**Try it**. Include the line with "Spacing verdict: proportional, widths" and every line before it in the entries below, echoed exactly, but not the pictures.

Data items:
· · · · · · ·

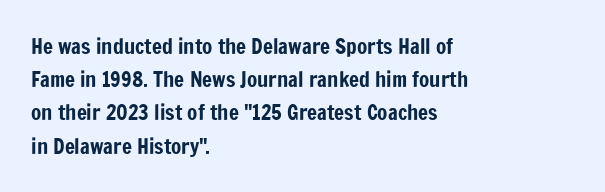
The image shows 21 px text type, upright; set left-aligned, normal line spacing (1.58x), normal letter spacing, not underlined.
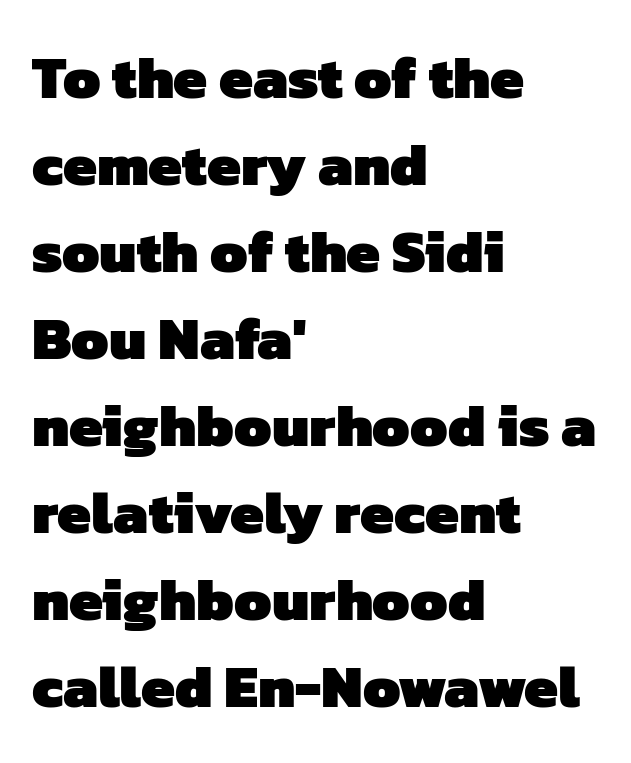
The image shows 60 px heavy sans-serif type; set left-aligned, normal line spacing (1.45x), normal letter spacing, not underlined; low stroke contrast and a medium x-height.
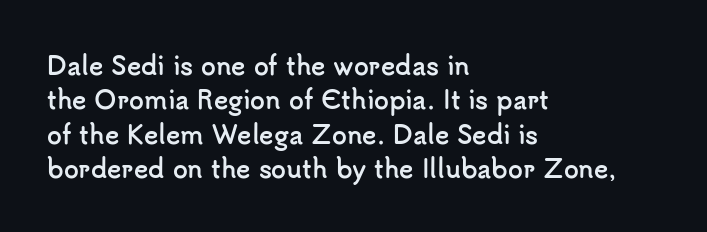
The passage shown is emphatically bold. The space directly below the letters is spotless. Italic? Not at all — the glyphs are vertical. The block of text has a typical density, with ordinary space between rows.
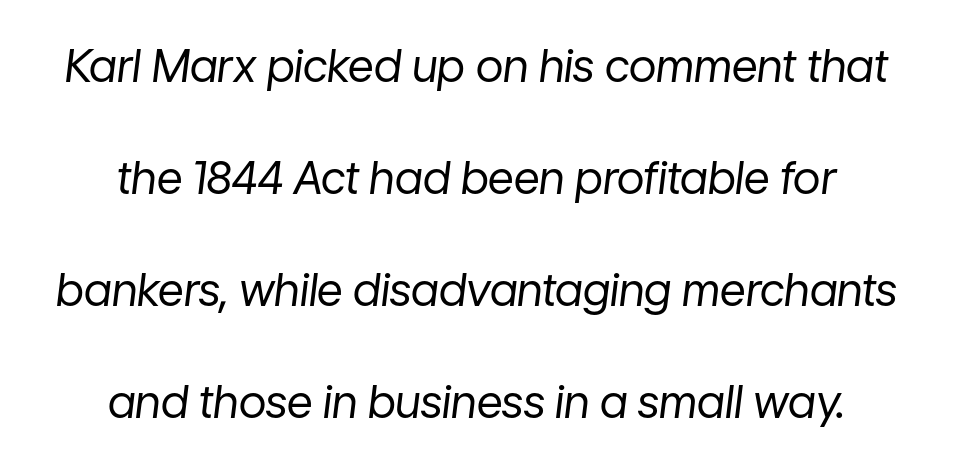
The image shows 45 px regular-weight type, italic (leaning right); set centered, loose line spacing (2.49x), normal letter spacing, not underlined; low stroke contrast and a medium x-height.
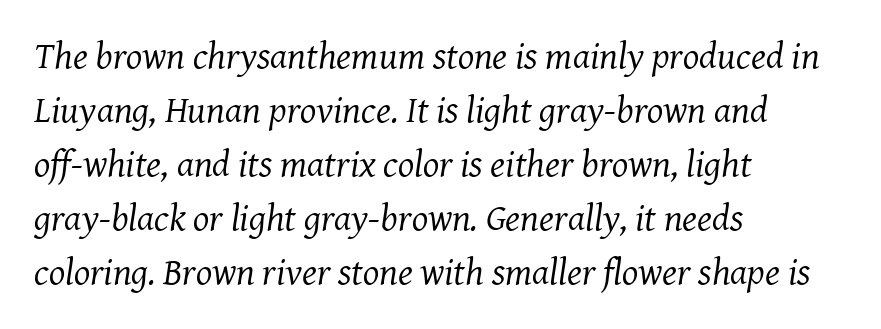
The image shows 38 px regular-weight serif type, italic (leaning right); set left-aligned, normal line spacing (1.42x), normal letter spacing, not underlined; medium stroke contrast and a medium x-height.
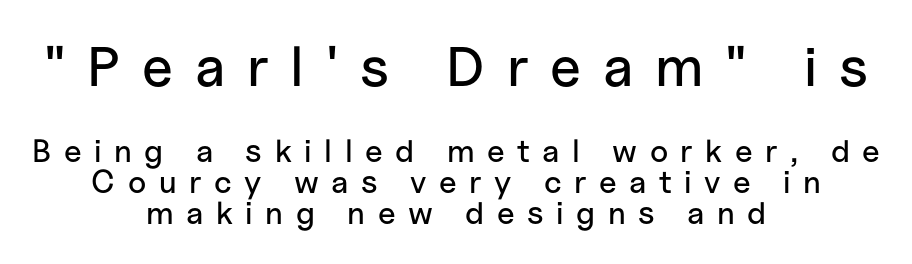
Q: Is the text italic (slanted)? A: No, it is upright.
Q: Is the typeface a serif or a sans-serif typeface? A: Sans-serif.
Q: Is the text underlined? A: No.
Q: How is the paragraph aligned? A: Centered.
Q: Is the spacing between letters normal or unusually wide? A: Unusually wide.
Q: Is the spacing between lines tight, normal or loose? A: Tight.
Q: Which block of text is set in a larger size, the first (top) or the second (bottom)? A: The first (top) one.
Q: Width (condensed, normal, or wide)? A: Normal.
Q: Stroke contrast? A: Low.
Q: x-height? A: Medium.
Q: Monospaced? A: No.
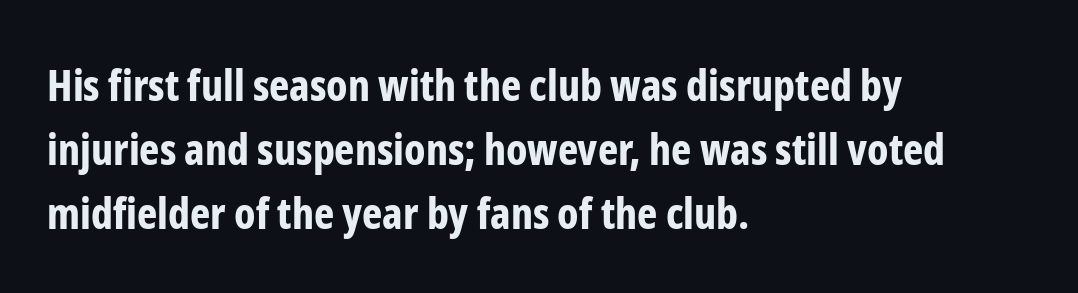
Spacing verdict: proportional, widths tailored to each character. The line texture is even and compact thanks to regular tracking. Heft: maximum for text — a bold. The typeface chosen for these lines omits serifs. The rag falls on the right side of this text block.
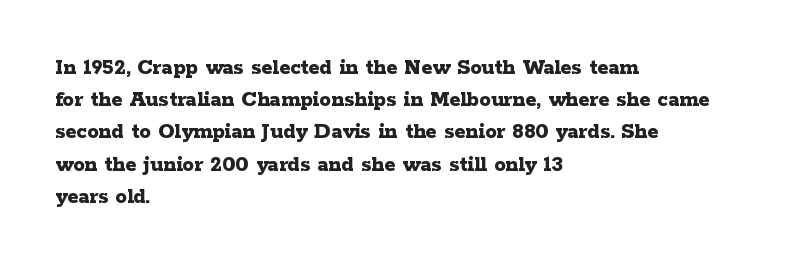
The image shows 23 px bold type, upright; set left-aligned, normal line spacing (1.4x), normal letter spacing, not underlined.
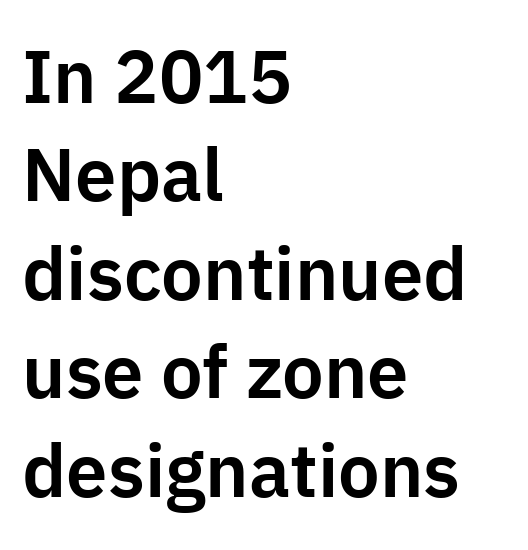
Q: Is the text italic (slanted)? A: No, it is upright.
Q: Is the typeface a serif or a sans-serif typeface? A: Sans-serif.
Q: Is the text underlined? A: No.
Q: How is the paragraph aligned? A: Left-aligned.
Q: Is the spacing between letters normal or unusually wide? A: Normal.
Q: Is the spacing between lines tight, normal or loose? A: Normal.
Q: Width (condensed, normal, or wide)? A: Normal.
Q: Stroke contrast? A: Low.
Q: x-height? A: Medium.
Q: Monospaced? A: No.
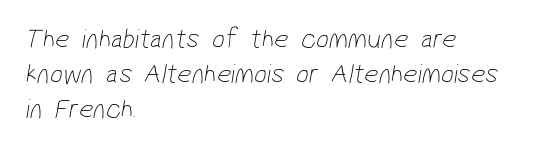
Q: Is the text bold? A: No.
Q: Is the typeface a serif or a sans-serif typeface? A: Sans-serif.
Q: Is the text underlined? A: No.
Q: How is the paragraph aligned? A: Left-aligned.
Q: Is the spacing between letters normal or unusually wide? A: Normal.
Q: Is the spacing between lines tight, normal or loose? A: Normal.
Q: Width (condensed, normal, or wide)? A: Condensed.
Q: Stroke contrast? A: Low.
Q: x-height? A: Medium.
Q: Monospaced? A: No.
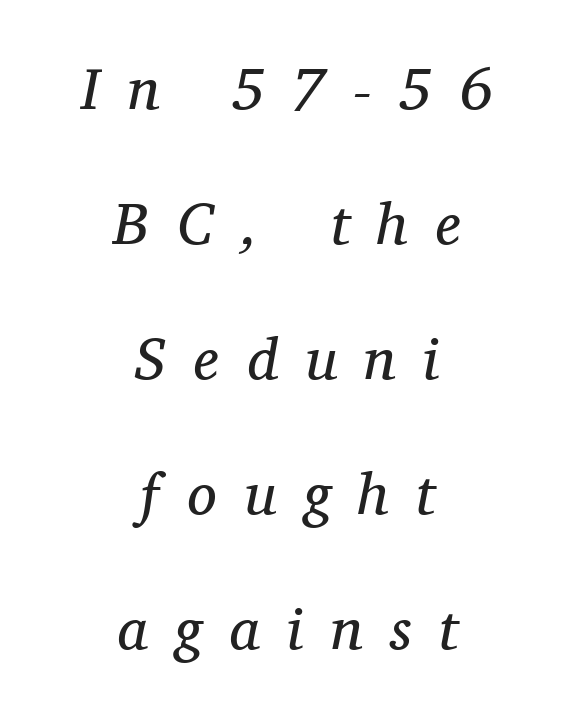
{"serif": "yes", "italic": "yes", "lean": "right", "slant_degrees": 11, "bold": "no", "weight": "regular", "width": "normal", "stroke_contrast": "medium", "x_height": "medium", "monospaced": "no", "underline": "no", "align": "center", "line_spacing": "loose", "line_spacing_ratio": 2.29, "letter_spacing": "wide", "letter_spacing_em": 0.47, "glyph_px": 59}
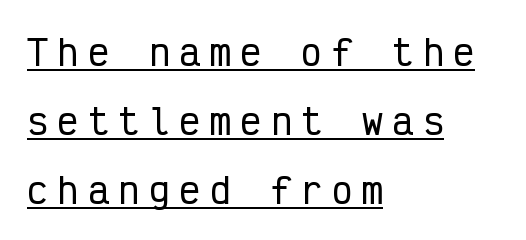
Q: Is the text italic (slanted)? A: No, it is upright.
Q: Is the typeface a serif or a sans-serif typeface? A: Sans-serif.
Q: Is the text underlined? A: Yes.
Q: How is the paragraph aligned? A: Left-aligned.
Q: Is the spacing between letters normal or unusually wide? A: Unusually wide.
Q: Is the spacing between lines tight, normal or loose? A: Loose.
Q: Width (condensed, normal, or wide)? A: Condensed.
Q: Stroke contrast? A: Low.
Q: x-height? A: Medium.
Q: Monospaced? A: Yes.
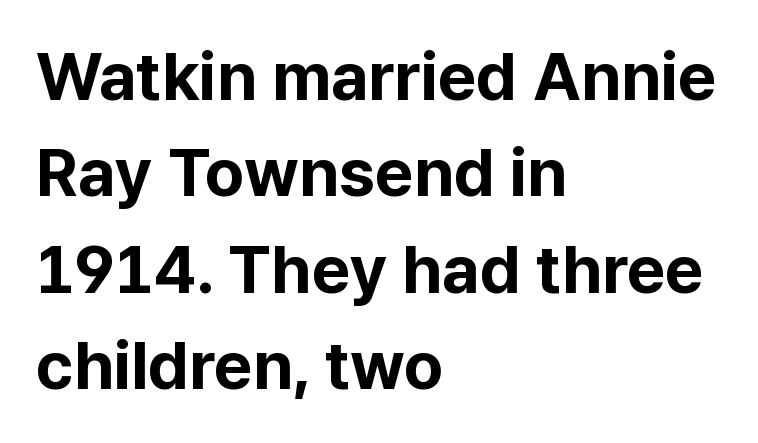
Q: Is the text bold? A: Yes.
Q: Is the text italic (slanted)? A: No, it is upright.
Q: Is the typeface a serif or a sans-serif typeface? A: Sans-serif.
Q: Is the text underlined? A: No.
Q: How is the paragraph aligned? A: Left-aligned.
Q: Is the spacing between letters normal or unusually wide? A: Normal.
Q: Is the spacing between lines tight, normal or loose? A: Normal.
Q: Width (condensed, normal, or wide)? A: Normal.
Q: Stroke contrast? A: Low.
Q: x-height? A: Medium.
Q: Monospaced? A: No.
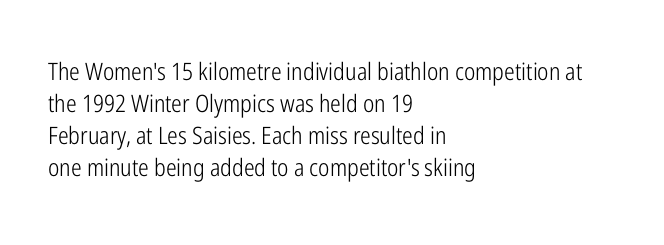
Q: Is the text bold? A: No.
Q: Is the text italic (slanted)? A: No, it is upright.
Q: Is the text underlined? A: No.
Q: How is the paragraph aligned? A: Left-aligned.
Q: Is the spacing between letters normal or unusually wide? A: Normal.
Q: Is the spacing between lines tight, normal or loose? A: Normal.
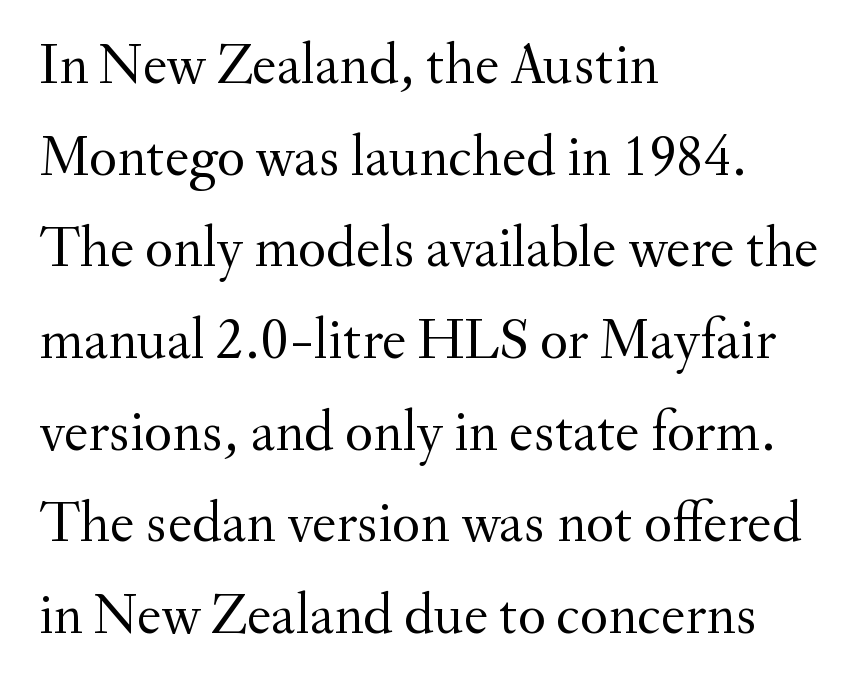
Q: Is the text bold? A: No.
Q: Is the text italic (slanted)? A: No, it is upright.
Q: Is the typeface a serif or a sans-serif typeface? A: Serif.
Q: Is the text underlined? A: No.
Q: How is the paragraph aligned? A: Left-aligned.
Q: Is the spacing between letters normal or unusually wide? A: Normal.
Q: Is the spacing between lines tight, normal or loose? A: Normal.
Q: Width (condensed, normal, or wide)? A: Normal.
Q: Stroke contrast? A: Medium.
Q: x-height? A: Small.
Q: Monospaced? A: No.
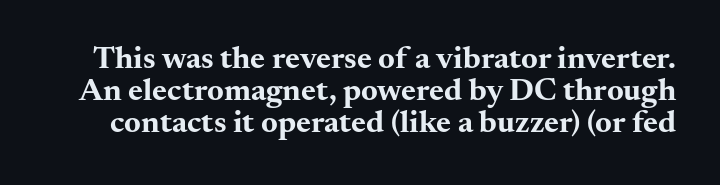
These lines are rendered in a variable-pitch font. The passage shown is typeset with a serif family. The string is rendered with underlining switched off. What weight is shown? A full bold with thick strokes.
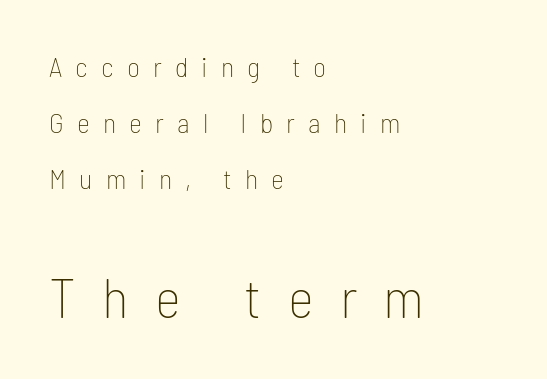
{"serif": "no", "italic": "no", "bold": "no", "weight": "thin", "width": "condensed", "stroke_contrast": "low", "x_height": "medium", "monospaced": "no", "underline": "no", "align": "left", "line_spacing": "loose", "line_spacing_ratio": 2.0, "letter_spacing": "wide", "letter_spacing_em": 0.47, "larger_block": "second", "size_ratio": 2.0, "glyph_px": 56}
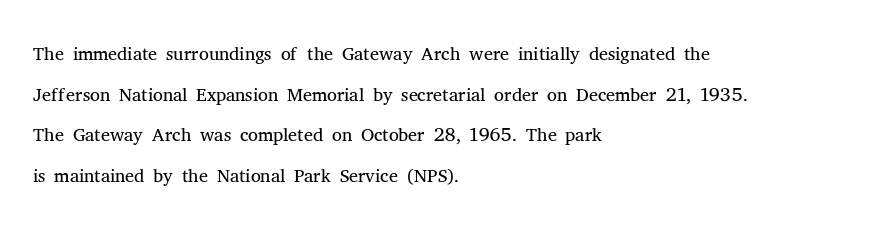
Q: Is the text bold? A: No.
Q: Is the text italic (slanted)? A: No, it is upright.
Q: Is the typeface a serif or a sans-serif typeface? A: Serif.
Q: Is the text underlined? A: No.
Q: How is the paragraph aligned? A: Left-aligned.
Q: Is the spacing between letters normal or unusually wide? A: Normal.
Q: Is the spacing between lines tight, normal or loose? A: Normal.
Q: Width (condensed, normal, or wide)? A: Normal.
Q: Stroke contrast? A: Medium.
Q: x-height? A: Medium.
Q: Monospaced? A: No.
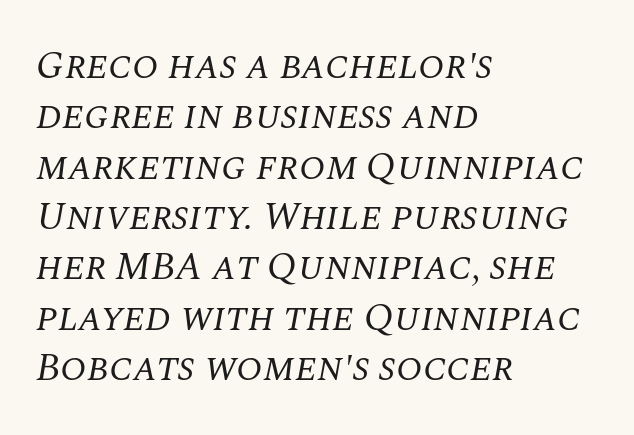
{"serif": "yes", "italic": "yes", "lean": "right", "slant_degrees": 10, "bold": "no", "weight": "regular", "width": "normal", "stroke_contrast": "medium", "x_height": "large", "monospaced": "no", "underline": "no", "align": "left", "line_spacing": "normal", "line_spacing_ratio": 1.29, "letter_spacing": "normal", "letter_spacing_em": 0.0, "glyph_px": 39}
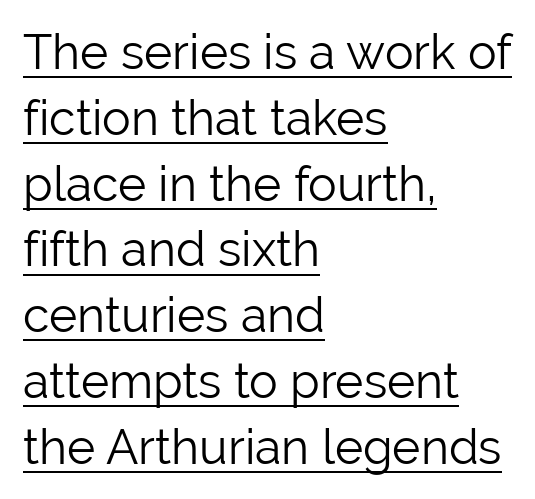
{"serif": "no", "italic": "no", "bold": "no", "weight": "light", "width": "normal", "stroke_contrast": "low", "x_height": "medium", "monospaced": "no", "underline": "yes", "align": "left", "line_spacing": "normal", "line_spacing_ratio": 1.37, "letter_spacing": "normal", "letter_spacing_em": 0.0, "glyph_px": 48}
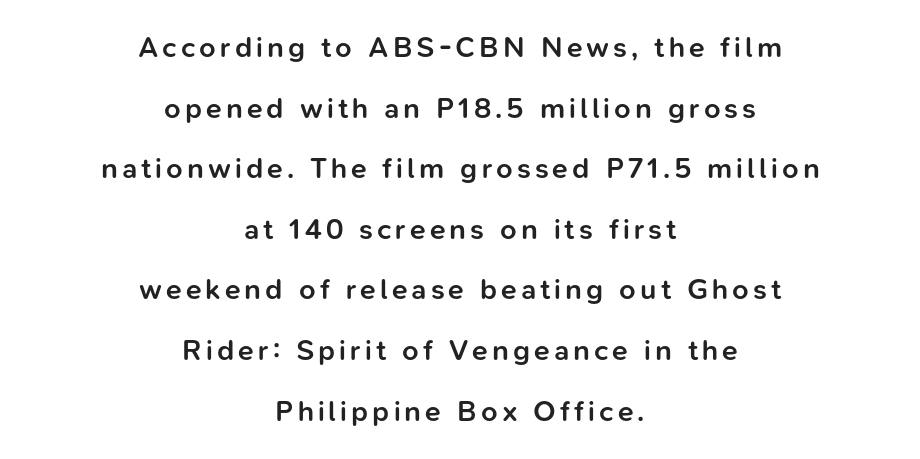
Q: Is the text bold? A: Semi-bold.
Q: Is the text italic (slanted)? A: No, it is upright.
Q: Is the typeface a serif or a sans-serif typeface? A: Sans-serif.
Q: Is the text underlined? A: No.
Q: How is the paragraph aligned? A: Centered.
Q: Is the spacing between lines tight, normal or loose? A: Loose.
Q: Width (condensed, normal, or wide)? A: Normal.
Q: Stroke contrast? A: Low.
Q: x-height? A: Medium.
Q: Monospaced? A: No.
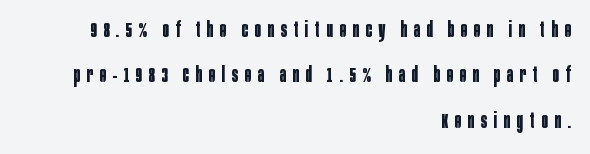
The image shows 21 px bold type, upright; set right-aligned, loose line spacing (2.16x), unusually wide letter spacing (+0.32 em), not underlined.
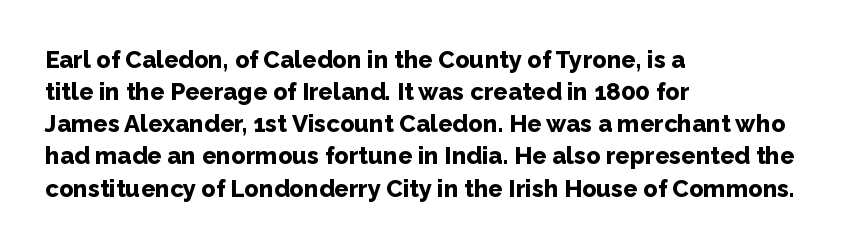
Heavy-handed strokes throughout: this text is bold. Ordinary non-slanted type is in use. The text block is weighted toward the left margin, trailing off unevenly rightward. Students, observe: this is what conventionally led text looks like. Students, note that the glyphs here touch the page at normal intervals. The words here are not underlined.
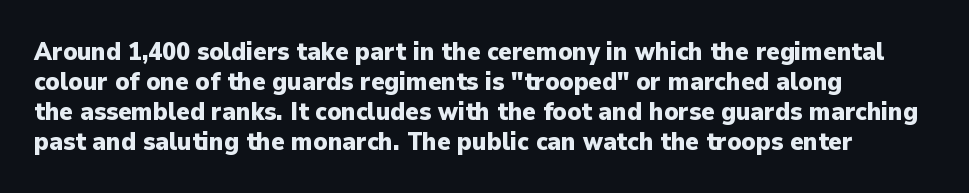
Q: Is the text bold? A: Yes.
Q: Is the text italic (slanted)? A: No, it is upright.
Q: Is the text underlined? A: No.
Q: How is the paragraph aligned? A: Left-aligned.
Q: Is the spacing between letters normal or unusually wide? A: Normal.
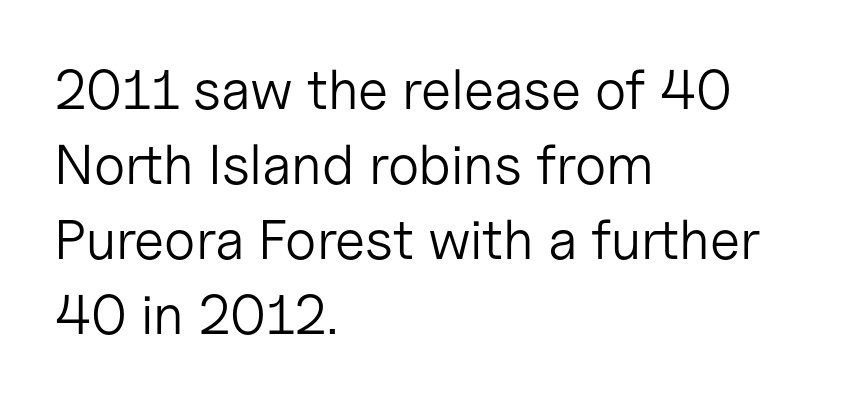
Serifs: no, the terminals of the letterforms are clean. The lines are quadded left. Clear beneath every line of the passage. Heft: none added — not bold. The font's upright variant was chosen for this text.
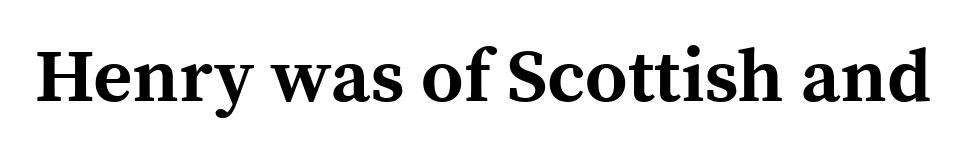
{"serif": "yes", "italic": "no", "bold": "yes", "weight": "bold", "width": "normal", "x_height": "medium", "monospaced": "no", "underline": "no", "letter_spacing": "normal", "letter_spacing_em": 0.0, "glyph_px": 75}

· · · · · · ·

**Task result**.
The image shows 21 px text type, upright; set left-aligned, normal line spacing (1.58x), normal letter spacing, not underlined.
The image shows 60 px heavy sans-serif type; set left-aligned, normal line spacing (1.45x), normal letter spacing, not underlined; low stroke contrast and a medium x-height.
The passage shown is emphatically bold. The space directly below the letters is spotless. Italic? Not at all — the glyphs are vertical. The block of text has a typical density, with ordinary space between rows.
The image shows 45 px regular-weight type, italic (leaning right); set centered, loose line spacing (2.49x), normal letter spacing, not underlined; low stroke contrast and a medium x-height.
The image shows 38 px regular-weight serif type, italic (leaning right); set left-aligned, normal line spacing (1.42x), normal letter spacing, not underlined; medium stroke contrast and a medium x-height.
Q: Is the text italic (slanted)? A: No, it is upright.
Q: Is the typeface a serif or a sans-serif typeface? A: Sans-serif.
Q: Is the text underlined? A: No.
Q: How is the paragraph aligned? A: Centered.
Q: Is the spacing between letters normal or unusually wide? A: Unusually wide.
Q: Is the spacing between lines tight, normal or loose? A: Tight.
Q: Which block of text is set in a larger size, the first (top) or the second (bottom)? A: The first (top) one.
Q: Width (condensed, normal, or wide)? A: Normal.
Q: Stroke contrast? A: Low.
Q: x-height? A: Medium.
Q: Monospaced? A: No.
Spacing verdict: proportional, widths tailored to each character. The line texture is even and compact thanks to regular tracking. Heft: maximum for text — a bold. The typeface chosen for these lines omits serifs. The rag falls on the right side of this text block.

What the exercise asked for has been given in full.